Montando uno scandalo politico gigantesco sul nulla - col consueto ausilio di quegli stessi media che per anni avevano gettato fango e ombre su Trump- per cercare di eliminare il legittimo presidente degli Usa attraverso un impeachment (la massima accusa nei confronti di un presidente Usa).


Un ribaltone così antidemocratico da puzzare di tentativo di golpe. Che se ove mai fosse dimostrato avrebbe l’effetto deflagrante di una bomba atomica.
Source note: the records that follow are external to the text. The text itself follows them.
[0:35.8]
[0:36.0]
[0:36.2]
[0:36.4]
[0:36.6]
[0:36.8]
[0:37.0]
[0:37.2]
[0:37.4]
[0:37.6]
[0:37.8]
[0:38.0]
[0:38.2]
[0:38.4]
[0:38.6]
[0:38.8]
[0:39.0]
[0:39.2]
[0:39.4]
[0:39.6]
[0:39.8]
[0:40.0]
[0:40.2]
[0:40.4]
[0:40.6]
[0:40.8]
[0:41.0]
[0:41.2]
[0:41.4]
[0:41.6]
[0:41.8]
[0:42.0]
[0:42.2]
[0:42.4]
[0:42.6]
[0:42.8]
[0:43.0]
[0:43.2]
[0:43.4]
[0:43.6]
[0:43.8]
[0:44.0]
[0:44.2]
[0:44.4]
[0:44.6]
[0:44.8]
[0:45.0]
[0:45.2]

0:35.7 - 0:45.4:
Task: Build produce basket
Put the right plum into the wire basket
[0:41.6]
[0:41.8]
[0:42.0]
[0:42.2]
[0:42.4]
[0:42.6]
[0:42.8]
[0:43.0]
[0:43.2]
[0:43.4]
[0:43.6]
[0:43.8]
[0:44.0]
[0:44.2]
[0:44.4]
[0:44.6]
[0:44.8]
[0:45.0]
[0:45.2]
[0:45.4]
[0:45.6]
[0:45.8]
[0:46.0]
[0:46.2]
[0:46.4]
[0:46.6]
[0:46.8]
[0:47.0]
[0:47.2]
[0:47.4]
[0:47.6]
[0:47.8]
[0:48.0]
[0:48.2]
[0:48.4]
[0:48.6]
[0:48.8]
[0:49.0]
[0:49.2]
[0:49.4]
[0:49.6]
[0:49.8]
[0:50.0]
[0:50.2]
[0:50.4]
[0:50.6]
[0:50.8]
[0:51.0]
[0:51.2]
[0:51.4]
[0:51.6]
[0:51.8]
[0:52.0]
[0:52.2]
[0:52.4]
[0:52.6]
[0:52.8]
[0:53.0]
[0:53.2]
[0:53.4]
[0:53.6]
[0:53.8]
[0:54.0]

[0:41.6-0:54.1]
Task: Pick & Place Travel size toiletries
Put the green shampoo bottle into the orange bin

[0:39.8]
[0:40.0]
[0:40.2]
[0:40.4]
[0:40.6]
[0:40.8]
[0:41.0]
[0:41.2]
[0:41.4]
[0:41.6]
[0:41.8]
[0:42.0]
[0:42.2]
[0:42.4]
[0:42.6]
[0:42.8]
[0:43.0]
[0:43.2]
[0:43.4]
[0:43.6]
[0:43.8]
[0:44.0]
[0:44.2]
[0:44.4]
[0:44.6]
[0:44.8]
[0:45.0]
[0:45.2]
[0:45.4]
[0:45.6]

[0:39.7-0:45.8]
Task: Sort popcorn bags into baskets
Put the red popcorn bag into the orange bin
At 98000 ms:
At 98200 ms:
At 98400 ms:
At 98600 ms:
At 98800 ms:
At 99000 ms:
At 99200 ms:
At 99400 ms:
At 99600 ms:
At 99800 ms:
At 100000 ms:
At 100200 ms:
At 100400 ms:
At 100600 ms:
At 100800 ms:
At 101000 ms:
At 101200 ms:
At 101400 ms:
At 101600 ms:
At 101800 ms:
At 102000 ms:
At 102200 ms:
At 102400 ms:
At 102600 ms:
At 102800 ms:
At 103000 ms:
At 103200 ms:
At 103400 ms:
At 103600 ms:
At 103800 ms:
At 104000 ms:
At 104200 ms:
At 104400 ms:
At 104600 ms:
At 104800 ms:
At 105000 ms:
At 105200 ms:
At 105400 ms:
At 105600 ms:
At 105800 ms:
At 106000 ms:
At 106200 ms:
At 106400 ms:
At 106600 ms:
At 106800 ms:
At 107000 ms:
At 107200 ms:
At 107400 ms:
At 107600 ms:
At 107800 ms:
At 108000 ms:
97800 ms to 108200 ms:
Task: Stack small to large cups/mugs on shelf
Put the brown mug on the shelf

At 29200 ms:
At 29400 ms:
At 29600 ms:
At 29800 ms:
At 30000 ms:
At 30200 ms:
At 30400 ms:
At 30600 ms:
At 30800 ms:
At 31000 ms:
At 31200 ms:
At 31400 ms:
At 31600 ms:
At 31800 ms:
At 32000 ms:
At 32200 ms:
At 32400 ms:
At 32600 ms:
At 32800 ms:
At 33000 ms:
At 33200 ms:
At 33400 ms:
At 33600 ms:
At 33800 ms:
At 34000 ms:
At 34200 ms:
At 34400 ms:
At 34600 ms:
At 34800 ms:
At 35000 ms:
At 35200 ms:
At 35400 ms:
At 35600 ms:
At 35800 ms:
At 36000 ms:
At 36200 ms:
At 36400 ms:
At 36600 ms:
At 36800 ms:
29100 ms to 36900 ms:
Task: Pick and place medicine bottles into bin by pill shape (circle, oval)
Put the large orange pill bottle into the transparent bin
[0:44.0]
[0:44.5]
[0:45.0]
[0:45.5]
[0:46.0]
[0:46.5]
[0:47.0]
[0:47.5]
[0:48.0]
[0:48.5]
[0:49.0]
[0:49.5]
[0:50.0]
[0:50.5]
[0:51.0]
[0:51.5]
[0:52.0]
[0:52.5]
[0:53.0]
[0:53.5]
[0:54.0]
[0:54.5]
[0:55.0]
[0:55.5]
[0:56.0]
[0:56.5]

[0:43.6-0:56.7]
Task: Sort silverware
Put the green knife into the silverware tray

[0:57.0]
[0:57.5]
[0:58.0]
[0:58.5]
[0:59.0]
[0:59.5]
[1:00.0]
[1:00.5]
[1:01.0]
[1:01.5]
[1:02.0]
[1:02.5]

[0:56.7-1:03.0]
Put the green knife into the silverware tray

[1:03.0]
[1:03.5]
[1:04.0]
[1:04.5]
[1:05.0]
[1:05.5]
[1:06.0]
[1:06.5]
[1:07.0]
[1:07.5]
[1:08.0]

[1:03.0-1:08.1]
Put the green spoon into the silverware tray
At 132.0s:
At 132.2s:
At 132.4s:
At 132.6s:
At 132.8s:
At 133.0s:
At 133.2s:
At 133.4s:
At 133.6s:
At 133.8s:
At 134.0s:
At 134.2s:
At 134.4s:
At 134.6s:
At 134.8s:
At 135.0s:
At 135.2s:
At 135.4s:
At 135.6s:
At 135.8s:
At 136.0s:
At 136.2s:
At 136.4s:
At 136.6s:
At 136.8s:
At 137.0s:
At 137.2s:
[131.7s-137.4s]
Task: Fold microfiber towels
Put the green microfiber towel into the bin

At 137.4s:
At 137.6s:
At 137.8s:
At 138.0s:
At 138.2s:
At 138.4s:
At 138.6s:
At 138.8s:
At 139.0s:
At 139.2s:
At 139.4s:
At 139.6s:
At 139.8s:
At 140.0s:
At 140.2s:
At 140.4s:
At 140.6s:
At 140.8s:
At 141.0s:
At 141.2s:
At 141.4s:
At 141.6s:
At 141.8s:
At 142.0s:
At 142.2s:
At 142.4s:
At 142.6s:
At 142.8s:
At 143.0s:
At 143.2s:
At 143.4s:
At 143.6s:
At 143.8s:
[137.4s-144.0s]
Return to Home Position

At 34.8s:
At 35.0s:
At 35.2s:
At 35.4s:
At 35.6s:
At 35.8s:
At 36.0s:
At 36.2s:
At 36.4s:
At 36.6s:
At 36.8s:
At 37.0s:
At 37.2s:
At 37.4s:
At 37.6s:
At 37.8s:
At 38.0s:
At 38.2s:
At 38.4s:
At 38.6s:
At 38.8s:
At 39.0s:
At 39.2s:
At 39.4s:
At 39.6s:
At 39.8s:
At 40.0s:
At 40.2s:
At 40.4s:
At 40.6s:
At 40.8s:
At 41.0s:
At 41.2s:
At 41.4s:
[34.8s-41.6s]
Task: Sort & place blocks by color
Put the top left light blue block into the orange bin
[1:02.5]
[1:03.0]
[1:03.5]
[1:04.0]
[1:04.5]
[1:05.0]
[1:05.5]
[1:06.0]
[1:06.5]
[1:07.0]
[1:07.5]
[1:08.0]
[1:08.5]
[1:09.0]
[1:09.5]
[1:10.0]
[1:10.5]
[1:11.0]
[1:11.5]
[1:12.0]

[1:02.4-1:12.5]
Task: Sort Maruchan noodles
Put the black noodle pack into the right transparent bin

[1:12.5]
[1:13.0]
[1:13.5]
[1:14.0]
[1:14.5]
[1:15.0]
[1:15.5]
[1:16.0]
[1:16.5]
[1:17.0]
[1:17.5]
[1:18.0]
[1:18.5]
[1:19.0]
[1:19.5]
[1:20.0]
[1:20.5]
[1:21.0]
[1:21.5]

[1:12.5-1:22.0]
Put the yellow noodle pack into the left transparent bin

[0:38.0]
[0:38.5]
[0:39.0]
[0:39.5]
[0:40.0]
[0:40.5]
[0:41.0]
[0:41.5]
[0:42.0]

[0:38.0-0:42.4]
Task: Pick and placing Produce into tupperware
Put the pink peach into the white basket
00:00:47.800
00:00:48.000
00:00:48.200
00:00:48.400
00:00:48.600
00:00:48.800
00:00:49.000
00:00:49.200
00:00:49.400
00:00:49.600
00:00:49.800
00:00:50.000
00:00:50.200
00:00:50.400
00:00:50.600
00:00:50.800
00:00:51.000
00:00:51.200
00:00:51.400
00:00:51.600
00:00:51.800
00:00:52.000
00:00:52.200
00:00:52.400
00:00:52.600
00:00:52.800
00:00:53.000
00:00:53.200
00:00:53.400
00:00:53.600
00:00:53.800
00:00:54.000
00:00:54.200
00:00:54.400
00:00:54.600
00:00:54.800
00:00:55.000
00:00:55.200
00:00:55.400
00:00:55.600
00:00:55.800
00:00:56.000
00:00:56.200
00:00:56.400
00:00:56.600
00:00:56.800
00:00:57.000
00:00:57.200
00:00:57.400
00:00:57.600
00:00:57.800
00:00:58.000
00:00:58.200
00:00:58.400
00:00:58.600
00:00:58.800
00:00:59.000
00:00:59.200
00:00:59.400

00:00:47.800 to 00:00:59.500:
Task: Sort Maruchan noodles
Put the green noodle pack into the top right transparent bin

E la cui onda d’urto arriverebbe pure a Roma, come dimostrano un paio di tweet fin troppo eloquenti firmati stanotte da George Papadopoulos.


E cercare di capire se le cose possono essere andate effettivamente come quanto sta emergendo potrebbe indicare mi pare il minimo sindacale per quella che viene definita “la più solida democrazia del mondo libero”.


Altro che complotti.


A meno che non si voglia sostenere che fosse lecito indagare allora benché sulla base di accuse palesemente inventate. E invece oggi non lo sia, nonostante tutto quanto sta saltando fuori.


Legittimando una volta per tutte quel doppiopesismo politico e morale tipico della sinistra liberale per cui non contano tanto gli atti di per sé, ma esclusivamente i soggetti che li pongono in essere.